Very recently I decided it was make or break with my disc rental service from Netflix. All too often the movies sit there and don’t get watched for months, and with their selection of available discs diminishing every day, I sometimes have trouble convincing myself it’s worth it. The trouble is, I’ve been a customer for so long it’s just so hard to let go! I’m not the type of person that’s just going to watch whatever’s available; I refuse to be a slave to the availability of films on any streaming service. Netflix disc rental is my safety net. So since we are keeping it, we decided it was high time to push on through the queue.
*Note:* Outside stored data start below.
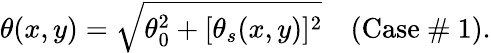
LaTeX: \theta(x,y)=\sqrt{\theta_{0}^{2}+[\theta_{s}(x,y)]^{2}}\quad\textrm{(Case~\# 1)}.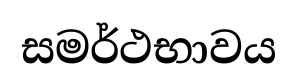
සමර්ථභාවය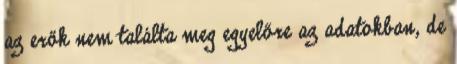
az erők nem találta meg egyelőre az adatokban, de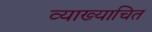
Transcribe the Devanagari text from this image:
व्याख्याचित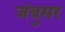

My gift from Netflix: Hot Boyz with no Shirtz

My gift from Netflix: Hot Boyz with no Shirtz

Unfortunately, the disc we set down to watch that evening was broken. No big deal, we reported it and waited for the replacement. Which was also broken. Okay, that’s weird, there’s no way the third disc will be broken, right? Wrong! So the ever-wonderful Q called customer service, where they had trouble believing us, and handed us an extra disc from our queue while also sending another replacement for the same movie. Wouldn’t you know it, that fourth disc was broken, too. Q called customer service again and was so darn nice to the dude on the phone that he offered us two extra discs from our queue. And that long introduction, my friends, is what got me into the mess of a film called Leeches! Since I usually have time between shipping off one disc and Netflix receiving it, I have time to groom my queue and decide what movie I want next. Unfortunately, the kind generosity of Netflix Customer Service Representative X forced me to end up with a movie I honestly can’t even fathom having put in my queue. My guess is I put it in there somewhere around seven years ago where it languished until it said “Long Wait” next to it, at which point I moved it up top because, well, that’s where all the long waits live.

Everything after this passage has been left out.